Supplied records:
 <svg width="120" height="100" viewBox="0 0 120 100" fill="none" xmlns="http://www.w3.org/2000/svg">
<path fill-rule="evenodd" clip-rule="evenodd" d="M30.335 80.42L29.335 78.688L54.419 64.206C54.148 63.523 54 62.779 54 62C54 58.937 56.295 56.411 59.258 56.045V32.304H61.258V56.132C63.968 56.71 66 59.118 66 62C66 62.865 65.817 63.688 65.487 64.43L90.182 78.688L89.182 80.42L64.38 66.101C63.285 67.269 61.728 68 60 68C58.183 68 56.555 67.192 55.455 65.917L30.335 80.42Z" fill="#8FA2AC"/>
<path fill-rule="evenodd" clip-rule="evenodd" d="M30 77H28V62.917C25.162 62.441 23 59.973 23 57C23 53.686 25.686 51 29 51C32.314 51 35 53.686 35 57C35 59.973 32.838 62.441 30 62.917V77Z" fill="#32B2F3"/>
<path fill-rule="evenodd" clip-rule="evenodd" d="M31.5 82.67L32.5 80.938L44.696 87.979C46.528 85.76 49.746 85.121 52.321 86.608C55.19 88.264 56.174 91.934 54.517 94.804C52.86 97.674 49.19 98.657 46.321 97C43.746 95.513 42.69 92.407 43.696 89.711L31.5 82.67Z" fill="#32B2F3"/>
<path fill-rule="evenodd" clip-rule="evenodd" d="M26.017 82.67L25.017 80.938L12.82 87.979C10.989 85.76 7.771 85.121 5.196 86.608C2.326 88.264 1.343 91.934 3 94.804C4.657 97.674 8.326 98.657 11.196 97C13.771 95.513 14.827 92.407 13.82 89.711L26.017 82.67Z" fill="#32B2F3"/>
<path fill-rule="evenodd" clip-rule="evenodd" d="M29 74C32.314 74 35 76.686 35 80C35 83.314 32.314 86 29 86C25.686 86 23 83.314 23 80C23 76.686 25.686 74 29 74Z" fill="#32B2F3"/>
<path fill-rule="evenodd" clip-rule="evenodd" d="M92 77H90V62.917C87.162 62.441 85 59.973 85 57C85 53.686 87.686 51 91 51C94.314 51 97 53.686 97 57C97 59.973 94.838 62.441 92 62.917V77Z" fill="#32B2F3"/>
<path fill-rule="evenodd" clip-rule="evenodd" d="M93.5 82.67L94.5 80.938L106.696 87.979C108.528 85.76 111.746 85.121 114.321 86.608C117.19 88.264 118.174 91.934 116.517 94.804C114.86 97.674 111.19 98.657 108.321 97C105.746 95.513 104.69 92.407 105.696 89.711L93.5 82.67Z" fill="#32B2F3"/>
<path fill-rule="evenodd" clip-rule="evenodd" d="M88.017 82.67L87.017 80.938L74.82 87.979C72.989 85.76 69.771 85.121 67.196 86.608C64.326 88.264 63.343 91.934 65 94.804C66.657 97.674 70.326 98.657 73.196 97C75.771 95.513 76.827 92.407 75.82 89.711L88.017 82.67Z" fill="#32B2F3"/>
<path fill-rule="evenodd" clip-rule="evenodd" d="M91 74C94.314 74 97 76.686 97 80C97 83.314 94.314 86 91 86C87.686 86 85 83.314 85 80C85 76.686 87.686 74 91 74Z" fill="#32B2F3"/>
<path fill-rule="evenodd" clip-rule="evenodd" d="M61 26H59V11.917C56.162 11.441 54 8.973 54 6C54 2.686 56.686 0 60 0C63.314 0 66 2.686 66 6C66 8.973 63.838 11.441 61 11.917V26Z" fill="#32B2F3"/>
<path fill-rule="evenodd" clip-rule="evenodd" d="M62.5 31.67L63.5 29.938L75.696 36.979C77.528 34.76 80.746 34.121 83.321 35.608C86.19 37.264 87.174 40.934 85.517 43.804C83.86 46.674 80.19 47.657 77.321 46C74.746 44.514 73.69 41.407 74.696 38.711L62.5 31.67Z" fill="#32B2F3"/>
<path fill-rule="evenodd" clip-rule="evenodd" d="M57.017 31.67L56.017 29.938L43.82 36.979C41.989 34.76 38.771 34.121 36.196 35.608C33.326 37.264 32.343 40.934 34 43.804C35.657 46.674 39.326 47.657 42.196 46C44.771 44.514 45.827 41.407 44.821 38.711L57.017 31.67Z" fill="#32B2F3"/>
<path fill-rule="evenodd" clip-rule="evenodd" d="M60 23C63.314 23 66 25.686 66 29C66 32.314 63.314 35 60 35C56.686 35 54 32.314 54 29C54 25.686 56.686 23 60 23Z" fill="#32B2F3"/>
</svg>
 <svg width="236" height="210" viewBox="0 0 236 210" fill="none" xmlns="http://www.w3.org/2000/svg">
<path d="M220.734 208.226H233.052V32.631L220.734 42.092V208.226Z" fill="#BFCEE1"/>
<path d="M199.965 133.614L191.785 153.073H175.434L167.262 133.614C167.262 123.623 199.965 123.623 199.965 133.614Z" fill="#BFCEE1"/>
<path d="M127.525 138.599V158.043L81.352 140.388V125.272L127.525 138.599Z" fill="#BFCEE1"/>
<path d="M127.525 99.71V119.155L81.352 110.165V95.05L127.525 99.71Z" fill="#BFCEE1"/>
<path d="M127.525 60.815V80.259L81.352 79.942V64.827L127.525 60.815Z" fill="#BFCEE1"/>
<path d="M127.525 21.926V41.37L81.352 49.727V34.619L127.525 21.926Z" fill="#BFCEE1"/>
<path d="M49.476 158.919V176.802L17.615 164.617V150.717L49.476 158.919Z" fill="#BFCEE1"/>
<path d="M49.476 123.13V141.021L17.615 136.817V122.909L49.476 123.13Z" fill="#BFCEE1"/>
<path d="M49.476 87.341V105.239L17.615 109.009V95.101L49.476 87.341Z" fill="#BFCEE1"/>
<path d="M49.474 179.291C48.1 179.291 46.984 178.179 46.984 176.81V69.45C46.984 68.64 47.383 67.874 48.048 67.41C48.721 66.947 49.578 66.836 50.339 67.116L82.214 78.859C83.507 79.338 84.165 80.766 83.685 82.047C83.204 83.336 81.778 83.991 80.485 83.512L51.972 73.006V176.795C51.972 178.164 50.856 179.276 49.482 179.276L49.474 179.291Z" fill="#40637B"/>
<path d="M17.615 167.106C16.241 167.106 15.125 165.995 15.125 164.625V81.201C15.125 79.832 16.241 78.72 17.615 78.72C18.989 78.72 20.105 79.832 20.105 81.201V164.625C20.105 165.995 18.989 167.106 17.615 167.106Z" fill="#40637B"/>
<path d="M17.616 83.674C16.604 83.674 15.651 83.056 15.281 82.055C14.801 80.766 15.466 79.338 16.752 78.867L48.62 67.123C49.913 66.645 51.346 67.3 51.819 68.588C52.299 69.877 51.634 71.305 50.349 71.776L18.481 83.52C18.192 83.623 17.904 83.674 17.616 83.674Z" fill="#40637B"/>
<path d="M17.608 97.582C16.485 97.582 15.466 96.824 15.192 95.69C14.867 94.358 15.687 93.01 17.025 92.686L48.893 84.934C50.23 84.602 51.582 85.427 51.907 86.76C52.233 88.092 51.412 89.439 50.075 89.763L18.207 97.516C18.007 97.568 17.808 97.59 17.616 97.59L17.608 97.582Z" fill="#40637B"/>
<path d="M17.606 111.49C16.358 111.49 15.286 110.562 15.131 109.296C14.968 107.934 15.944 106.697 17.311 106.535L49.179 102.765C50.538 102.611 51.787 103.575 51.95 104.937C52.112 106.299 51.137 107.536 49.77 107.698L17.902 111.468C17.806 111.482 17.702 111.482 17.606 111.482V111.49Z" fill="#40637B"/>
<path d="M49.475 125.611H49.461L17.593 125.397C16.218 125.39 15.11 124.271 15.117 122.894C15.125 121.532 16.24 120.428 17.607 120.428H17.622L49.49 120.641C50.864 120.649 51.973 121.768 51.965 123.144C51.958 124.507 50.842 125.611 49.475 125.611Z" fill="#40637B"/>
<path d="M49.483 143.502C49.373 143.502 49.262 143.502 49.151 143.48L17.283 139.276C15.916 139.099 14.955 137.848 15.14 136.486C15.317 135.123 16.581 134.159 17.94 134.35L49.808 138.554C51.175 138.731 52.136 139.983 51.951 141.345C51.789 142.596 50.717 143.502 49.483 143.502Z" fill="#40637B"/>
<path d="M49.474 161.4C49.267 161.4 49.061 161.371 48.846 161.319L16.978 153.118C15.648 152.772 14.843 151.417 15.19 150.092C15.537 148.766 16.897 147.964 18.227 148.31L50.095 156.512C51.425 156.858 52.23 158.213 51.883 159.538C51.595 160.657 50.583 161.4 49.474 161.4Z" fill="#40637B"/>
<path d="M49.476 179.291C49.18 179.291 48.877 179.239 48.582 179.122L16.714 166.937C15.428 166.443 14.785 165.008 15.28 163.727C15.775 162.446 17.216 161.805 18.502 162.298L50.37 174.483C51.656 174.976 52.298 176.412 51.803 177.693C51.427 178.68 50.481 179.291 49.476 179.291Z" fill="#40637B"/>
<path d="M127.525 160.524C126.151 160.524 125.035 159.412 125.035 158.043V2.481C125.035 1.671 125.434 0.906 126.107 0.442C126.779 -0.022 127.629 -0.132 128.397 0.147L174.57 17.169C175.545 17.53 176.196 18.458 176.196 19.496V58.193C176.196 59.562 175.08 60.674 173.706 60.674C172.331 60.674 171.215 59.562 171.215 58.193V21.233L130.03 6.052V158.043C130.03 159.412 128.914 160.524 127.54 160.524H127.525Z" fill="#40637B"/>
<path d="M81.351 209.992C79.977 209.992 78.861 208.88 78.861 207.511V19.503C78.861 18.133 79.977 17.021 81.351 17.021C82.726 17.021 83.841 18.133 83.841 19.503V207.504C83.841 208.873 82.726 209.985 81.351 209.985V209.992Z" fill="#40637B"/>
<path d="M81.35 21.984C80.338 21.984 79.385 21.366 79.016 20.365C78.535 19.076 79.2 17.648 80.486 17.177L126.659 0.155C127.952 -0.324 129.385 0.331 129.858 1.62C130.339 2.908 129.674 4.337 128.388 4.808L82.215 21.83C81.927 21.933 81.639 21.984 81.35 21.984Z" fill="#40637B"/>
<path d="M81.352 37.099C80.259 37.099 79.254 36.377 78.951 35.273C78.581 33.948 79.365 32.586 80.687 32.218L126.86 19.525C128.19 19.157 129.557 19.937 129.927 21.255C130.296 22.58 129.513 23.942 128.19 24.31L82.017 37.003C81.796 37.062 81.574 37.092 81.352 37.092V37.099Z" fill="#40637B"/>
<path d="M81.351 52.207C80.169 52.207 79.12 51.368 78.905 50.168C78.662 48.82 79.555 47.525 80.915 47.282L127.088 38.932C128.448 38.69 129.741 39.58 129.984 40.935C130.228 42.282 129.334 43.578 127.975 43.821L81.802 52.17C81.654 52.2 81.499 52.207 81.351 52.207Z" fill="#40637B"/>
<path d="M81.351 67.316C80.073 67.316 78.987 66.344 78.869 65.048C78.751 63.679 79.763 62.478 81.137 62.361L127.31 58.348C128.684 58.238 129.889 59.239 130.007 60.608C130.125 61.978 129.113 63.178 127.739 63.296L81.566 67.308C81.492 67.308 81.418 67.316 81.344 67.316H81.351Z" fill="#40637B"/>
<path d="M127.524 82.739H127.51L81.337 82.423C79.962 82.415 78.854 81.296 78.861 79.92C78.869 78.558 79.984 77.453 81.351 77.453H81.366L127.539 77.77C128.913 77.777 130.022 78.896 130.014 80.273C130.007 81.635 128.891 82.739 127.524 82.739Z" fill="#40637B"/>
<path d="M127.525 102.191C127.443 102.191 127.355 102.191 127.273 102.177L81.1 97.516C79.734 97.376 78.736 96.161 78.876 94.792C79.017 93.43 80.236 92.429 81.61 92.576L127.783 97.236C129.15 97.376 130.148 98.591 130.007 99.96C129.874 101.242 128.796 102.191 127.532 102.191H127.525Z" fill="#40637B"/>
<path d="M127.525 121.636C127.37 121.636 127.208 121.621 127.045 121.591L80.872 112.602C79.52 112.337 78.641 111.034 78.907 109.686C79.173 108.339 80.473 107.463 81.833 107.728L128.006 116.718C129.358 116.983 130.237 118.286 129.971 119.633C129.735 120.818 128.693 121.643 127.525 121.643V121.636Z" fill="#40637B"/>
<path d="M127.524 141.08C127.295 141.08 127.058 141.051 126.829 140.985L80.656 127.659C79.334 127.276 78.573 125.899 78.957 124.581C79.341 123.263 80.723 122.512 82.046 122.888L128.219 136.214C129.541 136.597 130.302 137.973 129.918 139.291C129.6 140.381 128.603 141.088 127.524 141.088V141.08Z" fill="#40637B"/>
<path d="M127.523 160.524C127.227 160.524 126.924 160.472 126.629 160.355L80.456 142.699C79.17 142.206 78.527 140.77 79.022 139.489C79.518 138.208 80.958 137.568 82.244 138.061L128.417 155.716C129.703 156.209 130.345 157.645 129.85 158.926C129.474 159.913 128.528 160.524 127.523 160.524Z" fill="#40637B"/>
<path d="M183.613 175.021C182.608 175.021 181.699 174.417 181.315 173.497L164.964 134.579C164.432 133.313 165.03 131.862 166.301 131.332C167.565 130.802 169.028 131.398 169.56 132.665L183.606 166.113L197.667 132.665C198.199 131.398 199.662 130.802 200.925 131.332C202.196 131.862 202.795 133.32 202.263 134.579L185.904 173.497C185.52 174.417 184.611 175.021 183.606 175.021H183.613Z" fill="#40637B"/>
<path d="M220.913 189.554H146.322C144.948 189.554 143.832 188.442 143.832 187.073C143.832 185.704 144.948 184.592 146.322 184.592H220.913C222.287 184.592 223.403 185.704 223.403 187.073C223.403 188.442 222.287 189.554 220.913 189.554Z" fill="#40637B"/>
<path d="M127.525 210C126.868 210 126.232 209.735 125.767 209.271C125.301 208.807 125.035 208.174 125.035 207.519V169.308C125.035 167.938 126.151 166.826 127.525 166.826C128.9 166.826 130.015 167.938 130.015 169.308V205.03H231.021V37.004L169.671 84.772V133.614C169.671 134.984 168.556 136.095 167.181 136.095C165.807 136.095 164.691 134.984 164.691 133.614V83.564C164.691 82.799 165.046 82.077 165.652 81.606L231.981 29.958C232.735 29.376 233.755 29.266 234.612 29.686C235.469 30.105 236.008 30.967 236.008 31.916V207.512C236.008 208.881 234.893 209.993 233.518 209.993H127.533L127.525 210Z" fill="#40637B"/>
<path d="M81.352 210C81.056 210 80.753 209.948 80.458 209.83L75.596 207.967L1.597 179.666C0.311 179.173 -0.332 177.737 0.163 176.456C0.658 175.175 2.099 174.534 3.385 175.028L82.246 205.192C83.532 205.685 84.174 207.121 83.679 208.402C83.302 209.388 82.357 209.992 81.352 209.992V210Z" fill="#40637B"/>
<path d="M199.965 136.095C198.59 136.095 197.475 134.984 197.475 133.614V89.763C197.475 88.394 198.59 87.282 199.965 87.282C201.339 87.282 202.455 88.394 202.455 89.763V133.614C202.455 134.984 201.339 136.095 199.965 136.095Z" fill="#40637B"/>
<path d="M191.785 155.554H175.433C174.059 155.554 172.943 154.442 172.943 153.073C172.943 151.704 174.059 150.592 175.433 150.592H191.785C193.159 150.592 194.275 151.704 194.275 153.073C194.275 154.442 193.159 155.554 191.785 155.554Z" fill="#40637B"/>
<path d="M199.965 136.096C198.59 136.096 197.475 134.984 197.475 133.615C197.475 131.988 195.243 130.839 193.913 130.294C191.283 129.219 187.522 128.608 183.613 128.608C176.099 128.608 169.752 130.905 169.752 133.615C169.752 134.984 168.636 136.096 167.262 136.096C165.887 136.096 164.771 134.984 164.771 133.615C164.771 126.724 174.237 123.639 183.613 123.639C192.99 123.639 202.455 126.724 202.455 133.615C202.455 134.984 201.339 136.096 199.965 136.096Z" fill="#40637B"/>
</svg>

Try it:
Please set down again, word for word, only the lines from the start of the entries through the line with "82.67L94.5 80.938L106.696 87.979C108.528", both ends included.

Exercise result:
 <svg width="120" height="100" viewBox="0 0 120 100" fill="none" xmlns="http://www.w3.org/2000/svg">
<path fill-rule="evenodd" clip-rule="evenodd" d="M30.335 80.42L29.335 78.688L54.419 64.206C54.148 63.523 54 62.779 54 62C54 58.937 56.295 56.411 59.258 56.045V32.304H61.258V56.132C63.968 56.71 66 59.118 66 62C66 62.865 65.817 63.688 65.487 64.43L90.182 78.688L89.182 80.42L64.38 66.101C63.285 67.269 61.728 68 60 68C58.183 68 56.555 67.192 55.455 65.917L30.335 80.42Z" fill="#8FA2AC"/>
<path fill-rule="evenodd" clip-rule="evenodd" d="M30 77H28V62.917C25.162 62.441 23 59.973 23 57C23 53.686 25.686 51 29 51C32.314 51 35 53.686 35 57C35 59.973 32.838 62.441 30 62.917V77Z" fill="#32B2F3"/>
<path fill-rule="evenodd" clip-rule="evenodd" d="M31.5 82.67L32.5 80.938L44.696 87.979C46.528 85.76 49.746 85.121 52.321 86.608C55.19 88.264 56.174 91.934 54.517 94.804C52.86 97.674 49.19 98.657 46.321 97C43.746 95.513 42.69 92.407 43.696 89.711L31.5 82.67Z" fill="#32B2F3"/>
<path fill-rule="evenodd" clip-rule="evenodd" d="M26.017 82.67L25.017 80.938L12.82 87.979C10.989 85.76 7.771 85.121 5.196 86.608C2.326 88.264 1.343 91.934 3 94.804C4.657 97.674 8.326 98.657 11.196 97C13.771 95.513 14.827 92.407 13.82 89.711L26.017 82.67Z" fill="#32B2F3"/>
<path fill-rule="evenodd" clip-rule="evenodd" d="M29 74C32.314 74 35 76.686 35 80C35 83.314 32.314 86 29 86C25.686 86 23 83.314 23 80C23 76.686 25.686 74 29 74Z" fill="#32B2F3"/>
<path fill-rule="evenodd" clip-rule="evenodd" d="M92 77H90V62.917C87.162 62.441 85 59.973 85 57C85 53.686 87.686 51 91 51C94.314 51 97 53.686 97 57C97 59.973 94.838 62.441 92 62.917V77Z" fill="#32B2F3"/>
<path fill-rule="evenodd" clip-rule="evenodd" d="M93.5 82.67L94.5 80.938L106.696 87.979C108.528 85.76 111.746 85.121 114.321 86.608C117.19 88.264 118.174 91.934 116.517 94.804C114.86 97.674 111.19 98.657 108.321 97C105.746 95.513 104.69 92.407 105.696 89.711L93.5 82.67Z" fill="#32B2F3"/>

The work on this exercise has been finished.